L’immunotransfert est utilisé pour identifier la présence de protéines spécifiques dans des échantillons séparés par électrophorèse. Faisant suite à la séparation par une technique, connue sous le nom d’électrophorèse sur gel de polyacrylamide en présence de dodécylsulfate de sodium, ou SDS-PAGE, l’immunotransfert est utilisé pour déplacer les protéines depuis un gel polyacrylamide vers un morceau de membrane qui piège les protéines dans leur emplacement respectif. Ensuite, les membranes sont sondées avec des anticorps dans un processus appelé immunotransfert. L’immunotransfert utilise les liaisons anticorps-protéine et anticorps-anticorps à travers des sites spécifiques de reconnaissance, fournissant la haute précision nécessaire pour identifier une seule protéine. La détection d’anticorps se fait en utilisant des systèmes rapporteurs ce qui inclu l’utilisation d’enzymes. Les enzymes peuvent être attachés à la fin d’un anticorps et réagir avec le substrat pour produire des changements de couleur ou de lumière. Ces signaux peuvent alors être imagés et quantifiés en utilisant un processus appelé densitométrie.

Cette vidéo-article présente une vue d’ensemble de la technique d’immunotransfert en décrivant le transfert, l’utilisation de la détection d’anticorps et l’analyse d’image. Les étapes impliquées dans l’immunotransfert tel que l’assemblage du sandwich de transfert et les conditions de transfert sont discutés en détails, aussi bien que la théorie sous-jacente aux liaisons d’anticorps et à la détection de ces anticorps. La large utilisation de cette technique est décrite à travers plusieurs exemples incluant la détection d’interactions protéine-protéine et l’identification de protéines individuelles à l’intérieur de complexes protéiques.

Procedure

L’immunotransfert ou Western blot est une technique puissante utilisée par de nombreux chercheurs pour identifier la présence de protéines spécifiques présentes dans un échantillon, séparées par électrophorèse et détectées en utilisant des anticorps.
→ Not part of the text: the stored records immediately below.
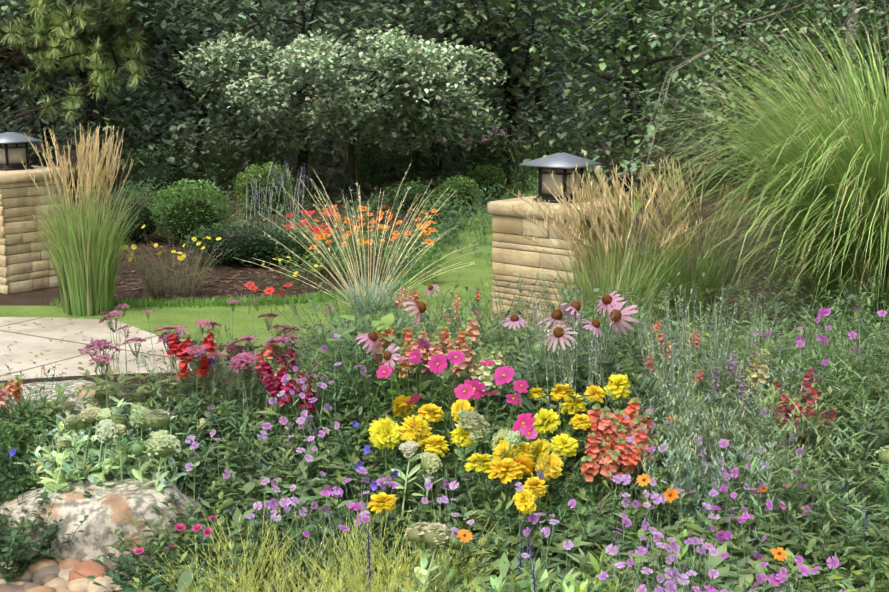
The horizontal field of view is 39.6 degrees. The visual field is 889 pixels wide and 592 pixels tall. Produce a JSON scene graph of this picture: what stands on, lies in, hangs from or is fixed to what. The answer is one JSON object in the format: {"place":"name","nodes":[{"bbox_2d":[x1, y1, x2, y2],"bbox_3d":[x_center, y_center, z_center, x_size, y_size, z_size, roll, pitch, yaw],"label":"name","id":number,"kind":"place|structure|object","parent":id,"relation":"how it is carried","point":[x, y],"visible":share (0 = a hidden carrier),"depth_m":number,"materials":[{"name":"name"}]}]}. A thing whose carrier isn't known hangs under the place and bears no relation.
{"place":"outdoors","nodes":[
{"label":"outdoors","id":0,"kind":"place"},
{"bbox_2d":[0,317,191,380],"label":"concrete path","id":1,"kind":"structure","parent":0,"point":[31,336],"depth_m":8.40,"materials":[{"name":"beige concrete"}]},
{"bbox_2d":[0,180,651,346],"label":"lawn","id":2,"kind":"structure","parent":0,"point":[470,275],"depth_m":9.75,"materials":[{"name":"green plant"}]},
{"bbox_2d":[0,0,888,591],"bbox_3d":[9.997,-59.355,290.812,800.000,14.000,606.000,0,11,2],"label":"ground","id":3,"kind":"structure","parent":0,"point":[36,296],"depth_m":17.56,"materials":[{"name":"brown soil"}]},
{"bbox_2d":[0,554,145,591],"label":"river rocks","id":4,"kind":"object","parent":3,"relation":"on","point":[53,575],"visible":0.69,"depth_m":3.89,"materials":[{"name":"beige stone"}]},
{"bbox_2d":[0,380,208,574],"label":"boulders","id":5,"kind":"object","parent":3,"relation":"on","point":[106,508],"visible":0.31,"depth_m":4.02,"materials":[{"name":"beige stone"}]},
{"bbox_2d":[0,165,632,339],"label":"stone pillars","id":6,"kind":"structure","parent":3,"relation":"on","point":[25,265],"depth_m":8.19,"materials":[{"name":"stone"}]},
{"bbox_2d":[0,130,587,203],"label":"lantern frame","id":7,"kind":"object","parent":6,"relation":"on","point":[547,197],"visible":0.5,"depth_m":8.15,"materials":[{"name":"black metal"}]},
{"bbox_2d":[0,144,580,194],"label":"lantern glass","id":8,"kind":"object","parent":7,"relation":"in","point":[14,154],"visible":0.6,"depth_m":8.13,"materials":[{"name":"glass"}]},
{"bbox_2d":[0,132,601,168],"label":"lantern roof","id":9,"kind":"structure","parent":7,"relation":"on","point":[558,160],"depth_m":8.08,"materials":[{"name":"grey metal"}]},
{"bbox_2d":[4,120,754,379],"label":"dry grass","id":10,"kind":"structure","parent":3,"relation":"on","point":[94,154],"depth_m":8.42,"materials":[{"name":"beige plant"}]},
{"bbox_2d":[0,125,888,591],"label":"foliage","id":11,"kind":"object","parent":3,"relation":"on","point":[252,555],"visible":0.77,"depth_m":4.27,"materials":[{"name":"green plant"}]},
{"bbox_2d":[0,0,888,200],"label":"tree foliage","id":12,"kind":"object","parent":3,"relation":"on","point":[120,14],"visible":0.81,"depth_m":18.47,"materials":[{"name":"green plant"}]},
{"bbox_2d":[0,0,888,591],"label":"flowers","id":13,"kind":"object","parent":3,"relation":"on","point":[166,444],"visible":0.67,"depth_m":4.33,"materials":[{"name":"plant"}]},
{"bbox_2d":[0,0,888,265],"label":"trees","id":14,"kind":"object","parent":3,"relation":"on","point":[100,104],"visible":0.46,"depth_m":18.21,"materials":[{"name":"green plant"}]},
{"bbox_2d":[9,0,888,337],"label":"grass","id":15,"kind":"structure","parent":3,"relation":"on","point":[831,190],"depth_m":7.73,"materials":[{"name":"green plant"}]}
]}

Il y a 3 principales étapes dans cette technique qui sont essentielles pour un résultat de qualité: électrotransfert, immunoempreinte, et détection. Avant que ces étapes soient effectuées, un SDS-PAGE, dans lequel les protéines dénaturées sont séparées selon leur taille dans un gel de polyacrylamide, doit être effectué.

L’électrotransfert nécessite une cassette de transfert pour maintenir ensemble le “sandwich” ainsi qu’un appareil pour transférer des protéines à partir d’un gel d’acrylamide sur une membrane mince. Le sandwich d’électrotransfert est constitué du gel et d’une membrane spécialisée, prise en sandwich entre deux morceaux de papier-filtre. Au cours du transfert, un champ électrique est utilisé, pour déplacer les protéines dans le gel, où elles sont piégées sur une membrane grâce à leurs charges et interactions hydrophobes.

L’immunotransfert utilise des anticorps pour investiguer des protéines spécifiques sur la membrane. Les anticorps sont des protéines de grande taille en forme de Y qui contiennent deux fragments, également appelés régions Fab, qui se lient à d’autres protéines. La région Fab définit l’épitope spécifique, ou une partie spécifique d’une protéine à laquelle un anticorps se lie.

Les anticorps monoclonaux sont des anticorps qui reconnaissent un épitope unique et sont le type préféré d’anticorps utilisé pour l’immunotransfert en raison de leur spécificité. En revanche, les anticorps polyclonaux sont une série de différents anticorps qui ciblent plusieurs épitopes sur le même antigène – ou de la protéine pour laquelle l’anticorps a une spécificité. Les anticorps monoclonaux qui reconnaissent un épitope linéaire sont préférés car cela assure la détection de l’épitope sur une protéine dénaturée, ou linéarisée. Ceci est important car de nombreux anticorps ne reconnaissent pas les épitopes conformationels, ce qui signifie qu’ils reconnaissent uniquement les protéines dans leur état natif tridimensionnel.

En plus des fragments Fab, les anticorps contiennent une région Fc, qui est spécifique à l’animal qui produit l’anticorps. En immunotransfert, cette région est principalement utilisée comme l’épitope pour un anticorps secondaire – un anticorps qui reconnaît le premier anticorps qui est lié à la protéine que vous essayez de détecter.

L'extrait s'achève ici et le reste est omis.